• _What the task asks_
Restate the records in full, so that each line matches the original exactly.

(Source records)
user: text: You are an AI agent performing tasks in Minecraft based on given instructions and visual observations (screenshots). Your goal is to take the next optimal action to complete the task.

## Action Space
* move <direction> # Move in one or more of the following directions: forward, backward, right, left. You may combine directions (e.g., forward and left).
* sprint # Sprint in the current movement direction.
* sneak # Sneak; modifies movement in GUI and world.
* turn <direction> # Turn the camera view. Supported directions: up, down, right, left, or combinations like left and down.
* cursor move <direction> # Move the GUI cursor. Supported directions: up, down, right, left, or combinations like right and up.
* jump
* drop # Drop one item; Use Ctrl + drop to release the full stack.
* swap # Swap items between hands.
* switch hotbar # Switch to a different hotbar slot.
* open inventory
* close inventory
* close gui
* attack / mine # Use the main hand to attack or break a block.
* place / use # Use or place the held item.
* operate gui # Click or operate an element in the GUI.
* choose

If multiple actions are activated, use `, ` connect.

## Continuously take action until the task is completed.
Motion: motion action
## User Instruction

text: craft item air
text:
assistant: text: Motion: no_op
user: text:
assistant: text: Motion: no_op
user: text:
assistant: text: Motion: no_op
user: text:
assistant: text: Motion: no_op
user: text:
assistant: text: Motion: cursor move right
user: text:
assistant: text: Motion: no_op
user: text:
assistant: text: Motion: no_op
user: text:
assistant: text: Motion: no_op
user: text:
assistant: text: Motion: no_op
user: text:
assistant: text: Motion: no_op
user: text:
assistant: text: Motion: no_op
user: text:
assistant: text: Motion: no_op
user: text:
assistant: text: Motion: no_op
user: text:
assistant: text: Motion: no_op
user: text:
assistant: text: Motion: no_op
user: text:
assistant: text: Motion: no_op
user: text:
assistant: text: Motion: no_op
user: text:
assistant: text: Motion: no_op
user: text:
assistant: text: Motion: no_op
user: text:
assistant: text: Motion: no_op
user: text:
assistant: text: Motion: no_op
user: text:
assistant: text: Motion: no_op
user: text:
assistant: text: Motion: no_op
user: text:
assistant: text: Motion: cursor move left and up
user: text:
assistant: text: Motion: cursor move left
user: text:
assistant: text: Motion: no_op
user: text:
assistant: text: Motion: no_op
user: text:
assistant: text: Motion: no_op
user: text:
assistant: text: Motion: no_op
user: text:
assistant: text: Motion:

• _Response_
user: text: You are an AI agent performing tasks in Minecraft based on given instructions and visual observations (screenshots). Your goal is to take the next optimal action to complete the task.

## Action Space
* move <direction> # Move in one or more of the following directions: forward, backward, right, left. You may combine directions (e.g., forward and left).
* sprint # Sprint in the current movement direction.
* sneak # Sneak; modifies movement in GUI and world.
* turn <direction> # Turn the camera view. Supported directions: up, down, right, left, or combinations like left and down.
* cursor move <direction> # Move the GUI cursor. Supported directions: up, down, right, left, or combinations like right and up.
* jump
* drop # Drop one item; Use Ctrl + drop to release the full stack.
* swap # Swap items between hands.
* switch hotbar # Switch to a different hotbar slot.
* open inventory
* close inventory
* close gui
* attack / mine # Use the main hand to attack or break a block.
* place / use # Use or place the held item.
* operate gui # Click or operate an element in the GUI.
* choose

If multiple actions are activated, use `, ` connect.

## Continuously take action until the task is completed.
Motion: motion action
## User Instruction

text: craft item air
text:
assistant: text: Motion: no_op
user: text:
assistant: text: Motion: no_op
user: text:
assistant: text: Motion: no_op
user: text:
assistant: text: Motion: no_op
user: text:
assistant: text: Motion: cursor move right
user: text:
assistant: text: Motion: no_op
user: text:
assistant: text: Motion: no_op
user: text:
assistant: text: Motion: no_op
user: text:
assistant: text: Motion: no_op
user: text:
assistant: text: Motion: no_op
user: text:
assistant: text: Motion: no_op
user: text:
assistant: text: Motion: no_op
user: text:
assistant: text: Motion: no_op
user: text:
assistant: text: Motion: no_op
user: text:
assistant: text: Motion: no_op
user: text:
assistant: text: Motion: no_op
user: text:
assistant: text: Motion: no_op
user: text:
assistant: text: Motion: no_op
user: text:
assistant: text: Motion: no_op
user: text:
assistant: text: Motion: no_op
user: text:
assistant: text: Motion: no_op
user: text:
assistant: text: Motion: no_op
user: text:
assistant: text: Motion: no_op
user: text:
assistant: text: Motion: cursor move left and up
user: text:
assistant: text: Motion: cursor move left
user: text:
assistant: text: Motion: no_op
user: text:
assistant: text: Motion: no_op
user: text:
assistant: text: Motion: no_op
user: text:
assistant: text: Motion: no_op
user: text:
assistant: text: Motion:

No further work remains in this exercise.